蕭洵玩累了,仍然撐著精神,要沈澤川牽著往回走。他走過池塘,指著水麵,對沈澤川說:“二叔叔,此乃明鏡。”

他把蕭馳野叫二叔,蕭馳野就教他把沈澤川喊二叔叔。

“嗯,”沈澤川說,“照鏡可正衣冠。”

蕭洵對著水麵,把袍子拍幹淨。

要知道蕭馳野這麽大的時候,還在追著馬駒跑,恨不得成日睡在草窩裏。蕭洵看著像蕭既明,可是據蕭馳野透露,蕭既明這麽大的時候,雖然沒有自己會挨打,但也沒有這般靜。

沈澤川便問:“你今日來找先生,是想要先生教你讀書?”

蕭洵點頭,道:“讀書能明智。”

“府裏這麽多先生,”沈澤川折扇微挑,點向姚溫玉的屋子,“你為什麽要挑這個?”

“成峰先生說元琢先生學問最好,”蕭洵停頓片刻,仰頭對沈澤川說,“我想要最好的先生。”

沈澤川稍稍沉默,接著說:“倘若沒有元琢呢?”

“元琢先生說,企者不立,跨者不行③。”蕭洵指著自己,“就算要天下最好的先生教,洵兒自己也要聽得懂,不能這樣好高騖遠。”

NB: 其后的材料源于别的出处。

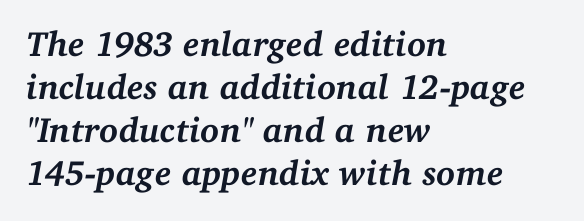
{"serif": "yes", "italic": "yes", "lean": "right", "slant_degrees": 11, "bold": "yes", "weight": "semibold", "width": "normal", "stroke_contrast": "medium", "x_height": "medium", "monospaced": "no", "underline": "no", "align": "left", "line_spacing_ratio": 1.23, "letter_spacing": "normal", "letter_spacing_em": 0.0, "glyph_px": 35}
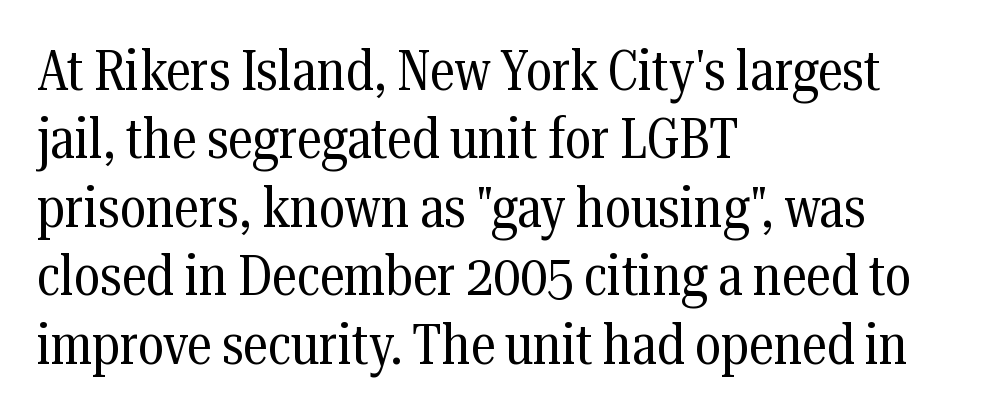
The image shows 57 px regular-weight, condensed serif type, upright; set left-aligned, line spacing 1.2x, normal letter spacing, not underlined; medium stroke contrast and a medium x-height.
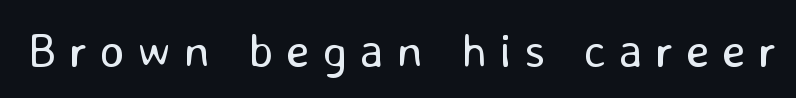
The image shows 48 px regular-weight sans-serif type, upright; set unusually wide letter spacing (+0.26 em), not underlined; low stroke contrast and a medium x-height.
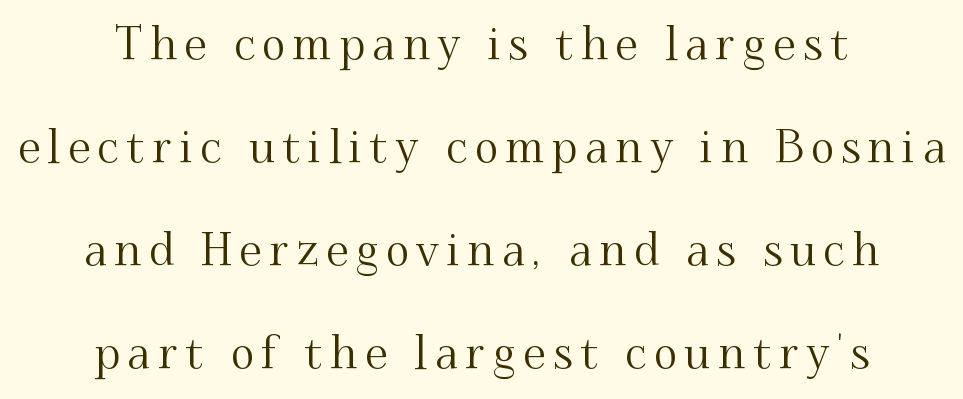
Q: Is the text italic (slanted)? A: No, it is upright.
Q: Is the typeface a serif or a sans-serif typeface? A: Serif.
Q: Is the text underlined? A: No.
Q: How is the paragraph aligned? A: Centered.
Q: Is the spacing between lines tight, normal or loose? A: Loose.
Q: Width (condensed, normal, or wide)? A: Normal.
Q: Stroke contrast? A: Medium.
Q: x-height? A: Small.
Q: Monospaced? A: No.
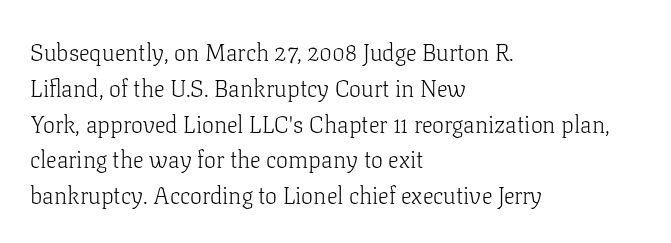
The image shows 24 px text type, upright; set left-aligned, normal line spacing (1.49x), normal letter spacing, not underlined.
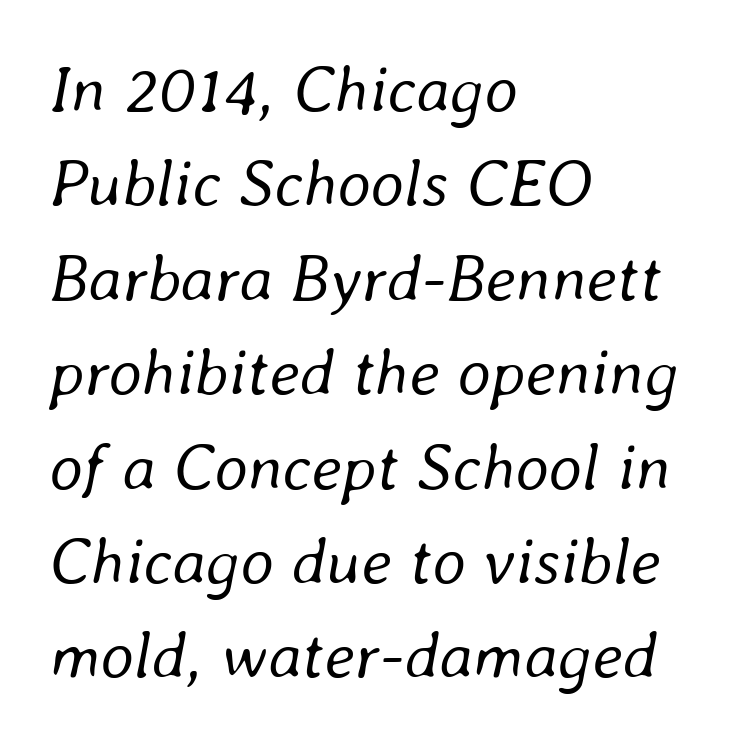
The image shows 66 px regular-weight type, italic (leaning right); set left-aligned, normal line spacing (1.43x), normal letter spacing, not underlined; low stroke contrast and a medium x-height.

他講話老成,不過七歲,已經遠超同齡。府裏的先生受姚溫玉的影響,沒有政務時,偶爾會在亭內清談,蕭洵不喜歡清談。但不論是蕭馳野處理軍務,還是沈澤川談及政務,他都會坐在側旁聽。

“你這樣刻苦,是想要成為最好的先生嗎?”

蕭洵露出奇怪的神色,他對沈澤川搖搖頭,說:“洵兒不是先生,洵兒想要先生。”他說著指向費盛,“洵兒不是將軍,洵兒也想要將軍。”

聖賢招文席,英豪進吾彀!不論文武,他都要“最好”的,這是兜攬天下賢能的野心。

沈澤川捏了捏蕭洵的手,不再說話。

***

新帝大赦,六部調動,薛大升至內倉典守那日在東龍大街上大擺筵席,邀請遠親近鄰,狠狠出了口氣。他喝得爛醉,由葛青青攙扶著,搖搖晃晃地往家走,說道:“風水輪流轉,我是有運氣的人,還是家中嫡子。”他豎起手指,對葛青青說,“我字‘平淨’,平——淨!薛修卓字‘延清’,延誰的清?”他拍拍自己胸口,笑道,“我的,我的啊,我是他大哥,我就該比他嗝、比他高!”

葛青青跟著搖晃,連聲說:“是,大爺說得是。”

“大爺,”薛平淨大聲說,“不錯,我是大爺!我憑、憑什麽要看他眼色?他一個庶子,奪了、奪了我的家主之位,分家,把我們一個二個都踢出去,他真是最、最冷酷無情的人。”他擺著手,一副薛修卓不堪提起的模樣,“你瞧瞧他,一朝成了朝中重臣,卻不肯幫襯幫襯我們……這是、是人幹的事嗎?”

葛青青沒作答。

“你們都怕他,”薛平淨噴著酒氣,“他有什麽可怕的?他是賤、賤婢庶出!從前上學的時候,我就知道他是個不安分的,”他說到傷心處,竟然嗚嗚咽咽地哭起來,“我是他大哥,他憑什麽比我有才?家裏讓他替我寫文章,他就是不肯……他當年若是寫了,如今我也是重臣。”

薛平淨越哭越傷心,最終扶著牆壁,“哇”的一聲吐出來。

“他說我偏寵妾室……荒蕪兒子的學業……便不許我們父子再見……”薛平淨不顧狼藉,掩麵號啕,“他真是好狠的心啊!我的兒子,即便日後成了不學無術的混子,那也是我的兒子!他奪人子,罔為人!”

葛青青寬慰道:“大爺如今也升官了,跟宮中公公都說得上話,自然有機會要回大郎。”

薛平淨擦抹眼淚,攥緊葛青青的胳臂,含恨道:“我看他勢壘高台,也要看他身跌萬丈!”